The Separator Module is retrievable. Sand Removal System Any sand from the wellstream will deposit at the bottom of the separation vessel. A flushing system with specially designed nozzles has been developed to flush out the sand at certain intervals. The sand is transported into the Desander Module, and then mixed with the injection water and reinjected into the reservoir downstream of the water injection pump.

Water Injection Pump The Water Injection Pump is a Framo liquid pump which is driven by an electrical motor powered through an electrical power cable from the Gullfaks C platform. The pump can be retrieved for maintenance by a pump-running tool. Multiphase Pump The Multiphase Pump is a Framo multiphase pump, and is powered through an electrical power cable from the Gullfaks C platform. It can also be retrieved by the pump-running tool.

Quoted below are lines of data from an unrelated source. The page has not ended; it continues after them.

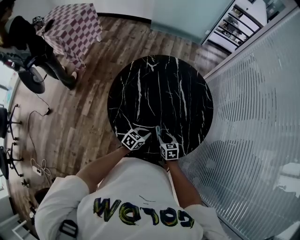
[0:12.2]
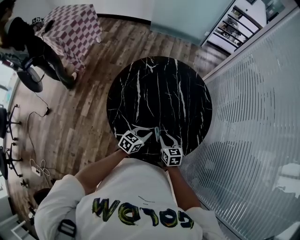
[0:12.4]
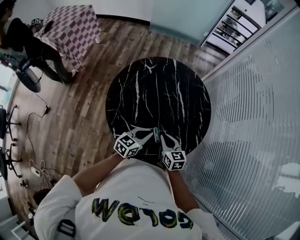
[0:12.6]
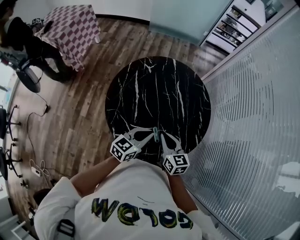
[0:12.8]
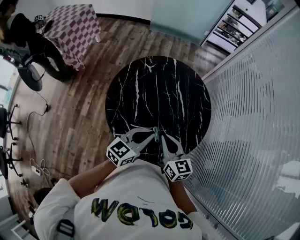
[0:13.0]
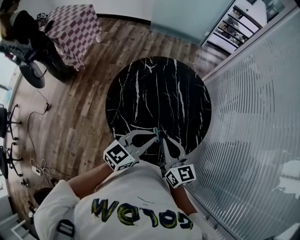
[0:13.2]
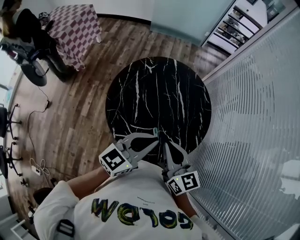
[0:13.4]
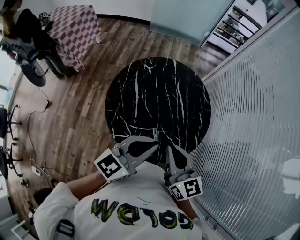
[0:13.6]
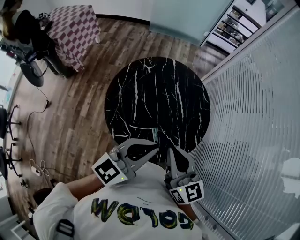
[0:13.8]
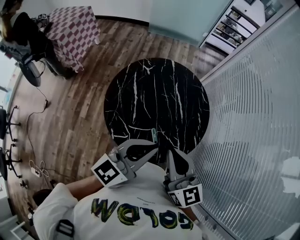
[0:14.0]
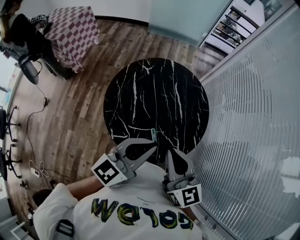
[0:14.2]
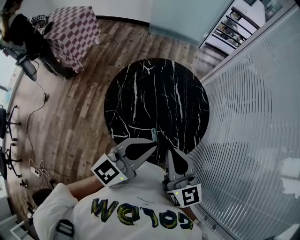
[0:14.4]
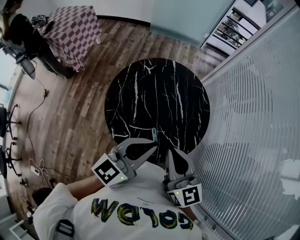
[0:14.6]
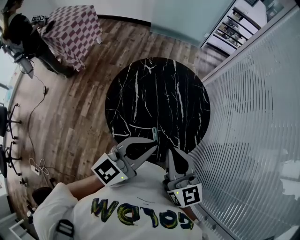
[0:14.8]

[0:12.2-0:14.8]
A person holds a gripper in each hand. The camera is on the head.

Other The Subsea Separation Station is equipped with two multiphase flowmeters (Roxar) which will measure the composition of the well flow to prepare the separation system settings. A level monitoring system is installed in the separation tank to monitor water, oil and gas interfaces which again provide input to the water pump speed. The Subsea Separation Boosting Injection Station includes one subsea control module to control the various functions of the station and communicate back to the Gullfaks C platform.